As children raced through the halls of the Trump Kennedy Center waving miniature American flags and wearing Minuteman hats, Dr. Ben Carson stood at the center of what he hopes will become a new movement in children’s education.
The former Housing and Urban Development secretary, 2016 presidential candidate, and renowned neurosurgeon premiered “Star Spangled Adventures: The Movie” on Sunday as part of the American Cornerstone Institute’s Little Patriots initiative, an effort designed to teach American history to children through books, films, and educational resources ahead of the nation’s 250th anniversary.
For Carson, the animated feature is about far more than entertainment. “In order for people to really develop patriotism, they need to know their history,” Carson said in an interview with The Daily Wire before the screening. “I was noticing that fewer and fewer people seem to know their history.”
The concern is one that animated nearly every aspect of the event. Throughout the afternoon, families packed the venue for patriotic activities before gathering for a screening of the film, which follows Liberty the Eagle through key moments in American history.
Carson argued that too many young Americans are being taught a distorted understanding of the country’s past. “Probably the biggest thing that’s missing is that we have a country with an honorable history,” Carson said. “There are those who have taken some of the bad things that have happened and tried to make that characterizing.”

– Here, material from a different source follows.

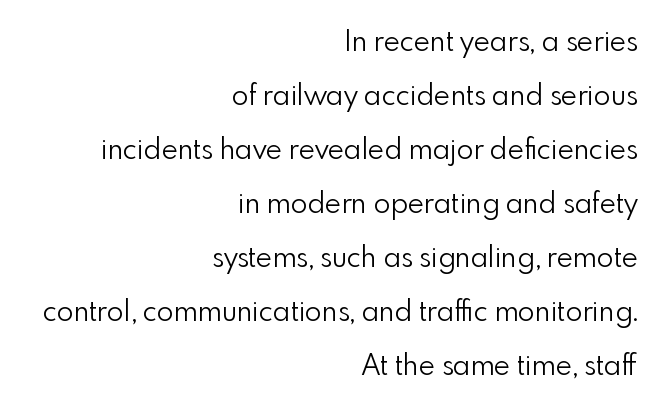
The image shows 28 px light sans-serif type, upright; set right-aligned, loose line spacing (1.93x), normal letter spacing, not underlined; a small x-height.

While acknowledging that America has experienced failures throughout its history, Carson said modern education often focuses exclusively on those failures while ignoring the nation’s achievements.

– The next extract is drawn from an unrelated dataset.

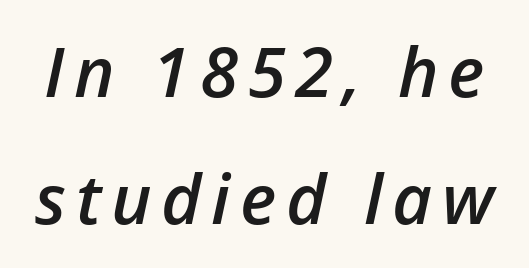
{"italic": "yes", "lean": "right", "slant_degrees": 12, "bold": "semi", "weight": "semibold", "width": "normal", "stroke_contrast": "low", "x_height": "medium", "monospaced": "no", "underline": "no", "line_spacing_ratio": 1.84, "glyph_px": 69}

The result, he warned, is a generation increasingly vulnerable to ideological movements hostile to America’s founding principles. “We look around and we see socialism and communism becoming acceptable,” Carson said. “Those things are not compatible with our Constitution.”
That concern helps explain why Carson chose animation as the medium for his latest project. The challenge, he said, was finding a way to communicate history to children without sacrificing historical accuracy. “We throw some humor in there, but it’s heavily weighted with facts,” Carson said. “We did it that way so that not only would the little kids enjoy it, but the parents, the grandparents, the teachers would learn also.”
The film boasts an unusually star-studded cast for an independent patriotic project. Kevin Sorbo voices George Washington, Gary Sinise portrays Robert E. Lee, Pat Boone appears as Abraham Lincoln, and actor John Schneider lends his voice to Revolutionary War militia commander Captain John Parker.
For Schneider, best known for his role on “The Dukes of Hazzard,” joining the project required little persuasion. “I love this country. I was raised to love this country and honor this country,” Schneider told The Daily Wire on the red carpet.
What motivated him, he said, was seeing what he described as a growing effort to rewrite American history. “After I turned 50 or so, I started seeing this revisionist history coming in and saying that our country was bad,” Schneider said. “It really aggravated me.”
Standing just steps away from children wearing colonial-era hats and red, white, and blue outfits, Schneider said the event represented something increasingly rare in modern American culture: an unapologetic celebration of the nation itself. “It’s so great to be part of something that is defending our history,” he said.
Among those attending the premiere was longtime Carson mentee and ally Housing and Urban Development Secretary Scott Turner, who described the event as representative of the “heartbeat of America.”
“Patriots — even young patriots, little children — families coming together, celebrating our great country together, celebrating our faith in God together,” Turner added.
The premiere also served as a launch point for Carson’s broader educational ambitions. Alongside the film, Carson released a new book, “Built on Faith,” a children’s book discussing America’s founders and the influence of religious belief in their lives.
According to Carson, “Star Spangled Adventures” is only the beginning. “There are a lot of creative ventures in the works,” he said. As America approaches its semiquincentennial celebration in 2026, Carson hopes those projects will help create a generation that understands not only the nation’s history but its responsibilities.
When asked what he hopes families discuss on the drive home after watching the film, Carson’s answer was simple. “How can we see more of this?” he said. “How can we get more involved?”
For Dr. Ben Carson, that conversation may ultimately be the point of all his efforts going forward; the movie itself is only one chapter in a much larger effort to convince America’s youngest citizens that their country’s story is worth knowing — and worth defending.